## What you should do
Transcribe every entry word for word. Skip the pictures.

Stored items
· · · · · · ·
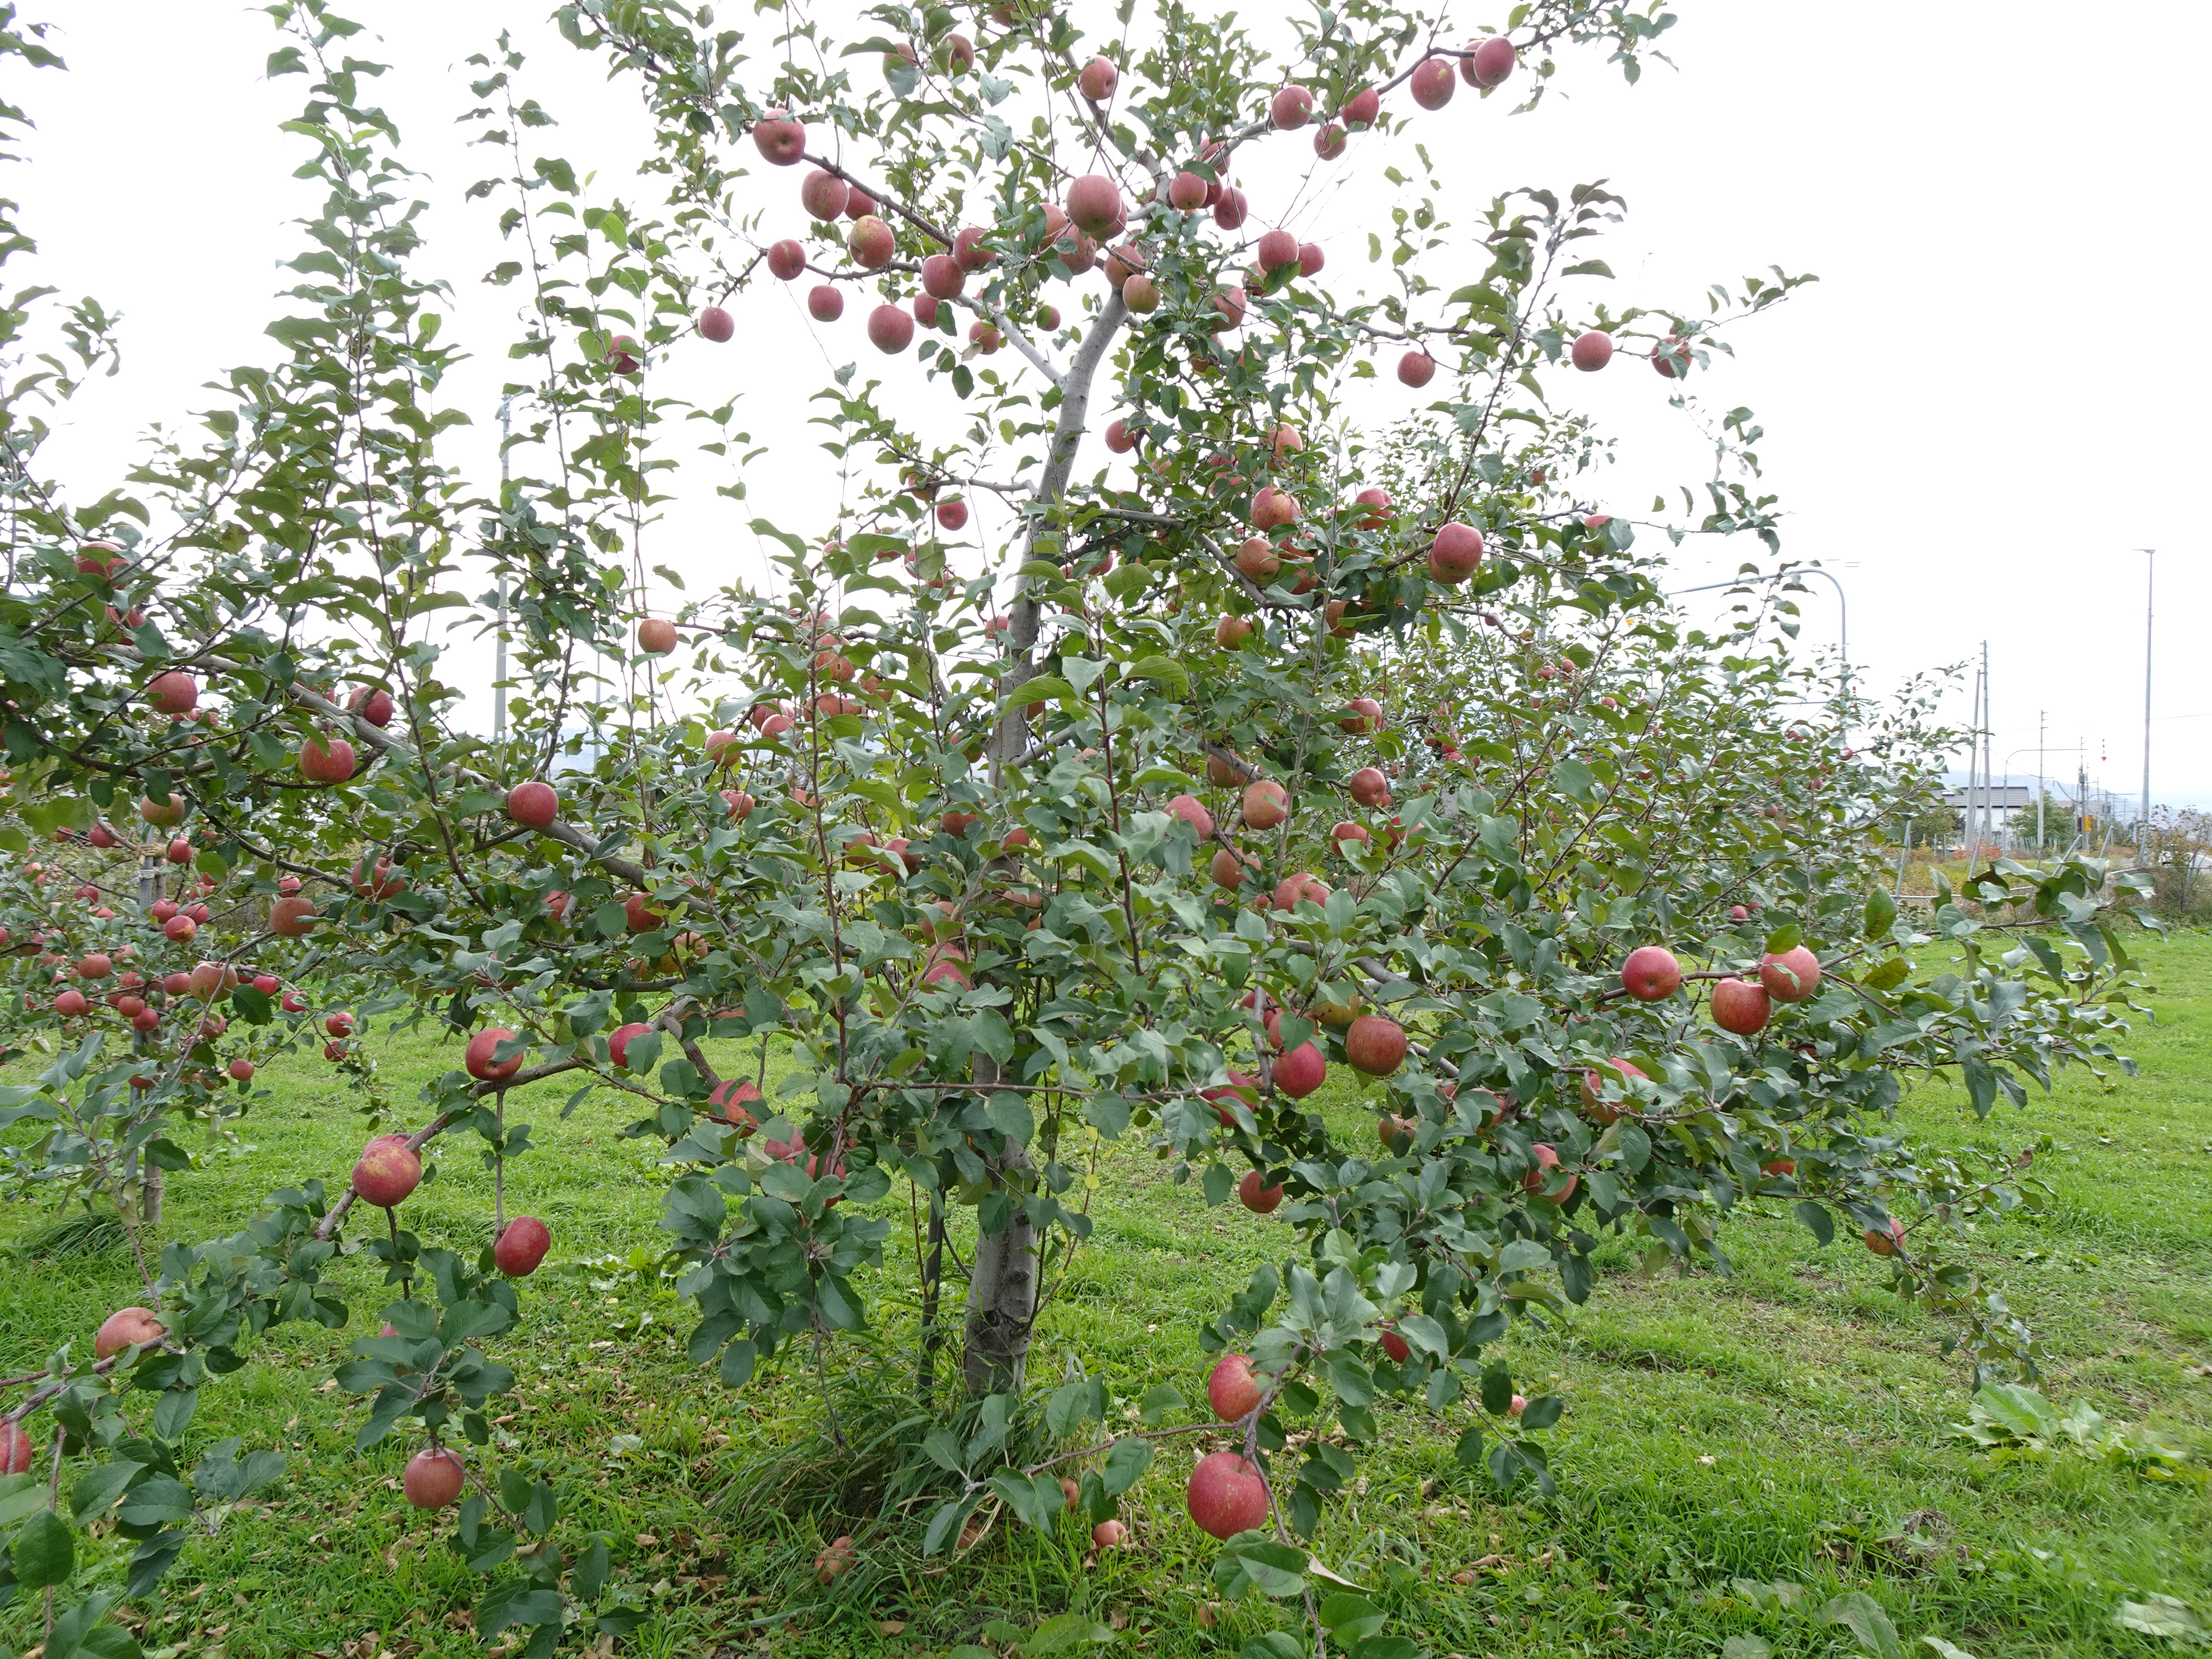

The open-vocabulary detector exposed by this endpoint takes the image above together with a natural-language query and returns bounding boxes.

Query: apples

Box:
[852,671,893,709]
[1583,515,1619,554]
[984,615,1010,644]
[139,792,186,830]
[1669,772,1686,788]
[1023,203,1069,254]
[1104,418,1137,454]
[1379,1111,1415,1149]
[1426,1077,1462,1107]
[1196,1601,1235,1630]
[1340,85,1379,133]
[1562,1015,1602,1047]
[76,952,111,980]
[189,959,240,1001]
[142,978,168,993]
[199,867,231,886]
[1206,449,1241,497]
[1816,760,1837,778]
[914,291,948,331]
[1596,877,1611,895]
[88,823,121,849]
[1710,976,1772,1036]
[1235,536,1280,585]
[867,990,898,1020]
[920,962,973,1008]
[697,304,734,344]
[1145,459,1177,486]
[1297,703,1318,718]
[879,835,923,884]
[1141,190,1174,220]
[953,225,997,274]
[1433,521,1483,575]
[1422,733,1460,754]
[991,825,1032,861]
[823,539,858,570]
[988,0,1029,28]
[1621,944,1682,1002]
[46,821,74,845]
[871,525,903,562]
[1258,228,1296,275]
[120,972,148,995]
[1238,1064,1275,1105]
[1581,752,1595,769]
[299,738,355,786]
[608,1022,657,1072]
[848,216,894,269]
[1245,259,1282,298]
[1335,696,1383,737]
[1066,748,1110,783]
[1325,598,1361,640]
[1208,1353,1273,1427]
[1169,171,1207,211]
[363,1135,421,1175]
[1257,418,1303,472]
[1500,1393,1529,1419]
[1165,586,1201,614]
[285,670,335,718]
[377,1313,436,1376]
[107,984,128,1010]
[1293,241,1326,278]
[624,954,653,979]
[1522,696,1542,709]
[1215,613,1266,652]
[1434,697,1465,721]
[1762,801,1780,817]
[1189,333,1223,376]
[1362,585,1396,617]
[1395,664,1417,683]
[637,618,678,657]
[1754,1145,1795,1181]
[1314,125,1347,161]
[1323,507,1347,529]
[162,972,197,995]
[196,1011,228,1040]
[1270,1038,1328,1100]
[1736,895,1765,911]
[801,692,842,732]
[1454,1569,1482,1591]
[171,708,189,730]
[195,816,219,833]
[968,322,1001,356]
[814,634,850,661]
[1039,305,1063,333]
[1505,713,1528,731]
[1270,84,1313,132]
[1126,549,1145,568]
[801,169,849,223]
[1353,488,1394,531]
[1160,794,1217,848]
[524,886,573,927]
[1378,791,1398,815]
[99,606,151,649]
[921,254,968,300]
[1516,1142,1580,1209]
[1836,747,1854,762]
[1058,567,1089,600]
[0,697,26,749]
[182,1070,218,1104]
[782,1151,845,1210]
[718,789,756,820]
[1530,763,1548,776]
[165,913,197,945]
[1110,489,1136,512]
[1459,42,1495,90]
[1652,335,1694,378]
[464,1025,525,1082]
[1275,534,1324,562]
[903,542,935,580]
[269,898,316,939]
[73,541,133,591]
[1554,697,1579,717]
[1307,979,1360,1029]
[1211,845,1264,897]
[1465,753,1483,767]
[973,288,1000,319]
[277,874,301,899]
[821,1132,860,1165]
[1061,600,1093,628]
[24,990,47,1010]
[1783,1020,1827,1064]
[1582,1055,1653,1126]
[1227,345,1264,381]
[1349,767,1387,805]
[55,991,88,1019]
[41,925,65,950]
[1521,468,1549,488]
[760,713,797,751]
[492,1215,552,1279]
[1176,721,1199,734]
[1419,778,1442,802]
[794,787,821,814]
[229,1058,255,1081]
[324,1041,348,1064]
[940,797,990,839]
[1328,822,1372,859]
[1226,523,1251,547]
[1784,727,1803,746]
[842,831,883,867]
[191,826,220,852]
[325,1009,356,1040]
[708,1078,766,1138]
[1636,696,1661,711]
[1344,1015,1407,1076]
[113,941,142,968]
[1796,775,1821,794]
[95,1307,166,1374]
[1534,668,1555,684]
[806,284,844,323]
[763,1123,818,1173]
[352,1144,423,1208]
[907,465,941,500]
[198,711,226,727]
[106,1378,127,1396]
[150,897,179,925]
[751,108,806,167]
[403,1447,466,1510]
[600,335,641,377]
[1197,282,1246,333]
[936,495,968,531]
[133,1007,162,1033]
[180,902,210,926]
[1381,1309,1439,1366]
[350,853,407,905]
[885,41,919,72]
[127,1060,160,1089]
[1409,57,1456,111]
[282,991,312,1020]
[1206,742,1254,789]
[347,685,394,729]
[0,921,11,952]
[1636,761,1656,781]
[811,652,855,685]
[0,770,15,788]
[842,184,875,220]
[168,839,194,865]
[1250,485,1301,537]
[16,930,45,958]
[1123,228,1155,260]
[663,997,707,1031]
[1516,626,1534,647]
[1154,521,1187,544]
[837,696,869,735]
[940,35,975,74]
[70,886,101,908]
[1722,904,1748,928]
[766,237,806,281]
[47,862,66,880]
[1772,776,1789,794]
[1694,1037,1737,1076]
[0,1413,34,1484]
[1122,275,1161,316]
[1267,1010,1319,1054]
[1055,222,1097,276]
[163,996,179,1014]
[948,728,986,766]
[1461,1086,1506,1136]
[923,948,967,977]
[1105,524,1127,552]
[1473,37,1514,86]
[1076,547,1114,575]
[925,572,956,602]
[1562,730,1584,746]
[1429,542,1475,586]
[1398,351,1435,389]
[753,699,788,740]
[149,672,198,714]
[1077,53,1117,101]
[1862,1217,1905,1256]
[94,907,119,923]
[922,900,965,944]
[1484,612,1501,628]
[1104,246,1144,290]
[44,971,67,991]
[1757,939,1822,1003]
[1444,749,1466,767]
[1067,174,1122,233]
[1584,992,1616,1023]
[1238,1167,1286,1216]
[1600,694,1616,715]
[1278,560,1319,597]
[1195,137,1233,179]
[999,888,1042,920]
[1570,330,1612,371]
[786,606,806,626]
[947,1119,981,1156]
[1024,913,1058,939]
[866,303,914,356]
[1543,808,1563,827]
[710,994,755,1032]
[1021,686,1047,722]
[680,870,717,907]
[670,932,709,965]
[1384,765,1407,780]
[1273,871,1331,930]
[651,945,681,973]
[1414,679,1433,695]
[20,862,43,879]
[251,974,278,996]
[1555,656,1575,672]
[1199,1067,1259,1128]
[1382,816,1429,861]
[1214,185,1248,232]
[705,730,742,768]
[1237,987,1290,1032]
[1187,1451,1270,1542]
[625,891,664,937]
[508,780,560,828]
[804,609,838,634]
[182,735,205,750]
[1240,779,1292,831]
[1652,725,1665,738]
· · · · · · ·
## Solution to the problem
The open-vocabulary detector exposed by this endpoint takes the image above together with a natural-language query and returns bounding boxes.

Query: apples

Box:
[852,671,893,709]
[1583,515,1619,554]
[984,615,1010,644]
[139,792,186,830]
[1669,772,1686,788]
[1023,203,1069,254]
[1104,418,1137,454]
[1379,1111,1415,1149]
[1426,1077,1462,1107]
[1196,1601,1235,1630]
[1340,85,1379,133]
[1562,1015,1602,1047]
[76,952,111,980]
[189,959,240,1001]
[142,978,168,993]
[199,867,231,886]
[1206,449,1241,497]
[1816,760,1837,778]
[914,291,948,331]
[1596,877,1611,895]
[88,823,121,849]
[1710,976,1772,1036]
[1235,536,1280,585]
[867,990,898,1020]
[920,962,973,1008]
[697,304,734,344]
[1145,459,1177,486]
[1297,703,1318,718]
[879,835,923,884]
[1141,190,1174,220]
[953,225,997,274]
[1433,521,1483,575]
[1422,733,1460,754]
[991,825,1032,861]
[823,539,858,570]
[988,0,1029,28]
[1621,944,1682,1002]
[46,821,74,845]
[871,525,903,562]
[1258,228,1296,275]
[120,972,148,995]
[1238,1064,1275,1105]
[1581,752,1595,769]
[299,738,355,786]
[608,1022,657,1072]
[848,216,894,269]
[1245,259,1282,298]
[1335,696,1383,737]
[1066,748,1110,783]
[1325,598,1361,640]
[1208,1353,1273,1427]
[1169,171,1207,211]
[363,1135,421,1175]
[1257,418,1303,472]
[1500,1393,1529,1419]
[1165,586,1201,614]
[285,670,335,718]
[377,1313,436,1376]
[107,984,128,1010]
[1293,241,1326,278]
[624,954,653,979]
[1522,696,1542,709]
[1215,613,1266,652]
[1434,697,1465,721]
[1762,801,1780,817]
[1189,333,1223,376]
[1362,585,1396,617]
[1395,664,1417,683]
[637,618,678,657]
[1754,1145,1795,1181]
[1314,125,1347,161]
[1323,507,1347,529]
[162,972,197,995]
[196,1011,228,1040]
[1270,1038,1328,1100]
[1736,895,1765,911]
[801,692,842,732]
[1454,1569,1482,1591]
[171,708,189,730]
[195,816,219,833]
[968,322,1001,356]
[814,634,850,661]
[1039,305,1063,333]
[1505,713,1528,731]
[1270,84,1313,132]
[1126,549,1145,568]
[801,169,849,223]
[1353,488,1394,531]
[1160,794,1217,848]
[524,886,573,927]
[1378,791,1398,815]
[99,606,151,649]
[921,254,968,300]
[1516,1142,1580,1209]
[1836,747,1854,762]
[1058,567,1089,600]
[0,697,26,749]
[182,1070,218,1104]
[782,1151,845,1210]
[718,789,756,820]
[1530,763,1548,776]
[165,913,197,945]
[1110,489,1136,512]
[1459,42,1495,90]
[1652,335,1694,378]
[464,1025,525,1082]
[1275,534,1324,562]
[903,542,935,580]
[269,898,316,939]
[73,541,133,591]
[1554,697,1579,717]
[1307,979,1360,1029]
[1211,845,1264,897]
[1465,753,1483,767]
[973,288,1000,319]
[277,874,301,899]
[821,1132,860,1165]
[1061,600,1093,628]
[24,990,47,1010]
[1783,1020,1827,1064]
[1582,1055,1653,1126]
[1227,345,1264,381]
[1349,767,1387,805]
[55,991,88,1019]
[41,925,65,950]
[1521,468,1549,488]
[760,713,797,751]
[492,1215,552,1279]
[1176,721,1199,734]
[1419,778,1442,802]
[794,787,821,814]
[229,1058,255,1081]
[324,1041,348,1064]
[940,797,990,839]
[1328,822,1372,859]
[1226,523,1251,547]
[1784,727,1803,746]
[842,831,883,867]
[191,826,220,852]
[325,1009,356,1040]
[708,1078,766,1138]
[1636,696,1661,711]
[1344,1015,1407,1076]
[113,941,142,968]
[1796,775,1821,794]
[95,1307,166,1374]
[1534,668,1555,684]
[806,284,844,323]
[763,1123,818,1173]
[352,1144,423,1208]
[907,465,941,500]
[198,711,226,727]
[106,1378,127,1396]
[150,897,179,925]
[751,108,806,167]
[403,1447,466,1510]
[600,335,641,377]
[1197,282,1246,333]
[936,495,968,531]
[133,1007,162,1033]
[180,902,210,926]
[1381,1309,1439,1366]
[350,853,407,905]
[885,41,919,72]
[127,1060,160,1089]
[1409,57,1456,111]
[282,991,312,1020]
[1206,742,1254,789]
[347,685,394,729]
[0,921,11,952]
[1636,761,1656,781]
[811,652,855,685]
[0,770,15,788]
[842,184,875,220]
[168,839,194,865]
[1250,485,1301,537]
[16,930,45,958]
[1123,228,1155,260]
[663,997,707,1031]
[1516,626,1534,647]
[1154,521,1187,544]
[837,696,869,735]
[940,35,975,74]
[70,886,101,908]
[1722,904,1748,928]
[766,237,806,281]
[47,862,66,880]
[1772,776,1789,794]
[1694,1037,1737,1076]
[0,1413,34,1484]
[1122,275,1161,316]
[1267,1010,1319,1054]
[1055,222,1097,276]
[163,996,179,1014]
[948,728,986,766]
[1461,1086,1506,1136]
[923,948,967,977]
[1105,524,1127,552]
[1473,37,1514,86]
[1076,547,1114,575]
[925,572,956,602]
[1562,730,1584,746]
[1429,542,1475,586]
[1398,351,1435,389]
[753,699,788,740]
[149,672,198,714]
[1077,53,1117,101]
[1862,1217,1905,1256]
[94,907,119,923]
[922,900,965,944]
[1484,612,1501,628]
[1104,246,1144,290]
[44,971,67,991]
[1757,939,1822,1003]
[1444,749,1466,767]
[1067,174,1122,233]
[1584,992,1616,1023]
[1238,1167,1286,1216]
[1600,694,1616,715]
[1278,560,1319,597]
[1195,137,1233,179]
[999,888,1042,920]
[1570,330,1612,371]
[786,606,806,626]
[947,1119,981,1156]
[1024,913,1058,939]
[866,303,914,356]
[1543,808,1563,827]
[710,994,755,1032]
[1021,686,1047,722]
[680,870,717,907]
[670,932,709,965]
[1384,765,1407,780]
[1273,871,1331,930]
[651,945,681,973]
[1414,679,1433,695]
[20,862,43,879]
[251,974,278,996]
[1555,656,1575,672]
[1199,1067,1259,1128]
[1382,816,1429,861]
[1214,185,1248,232]
[705,730,742,768]
[1237,987,1290,1032]
[1187,1451,1270,1542]
[625,891,664,937]
[508,780,560,828]
[804,609,838,634]
[182,735,205,750]
[1240,779,1292,831]
[1652,725,1665,738]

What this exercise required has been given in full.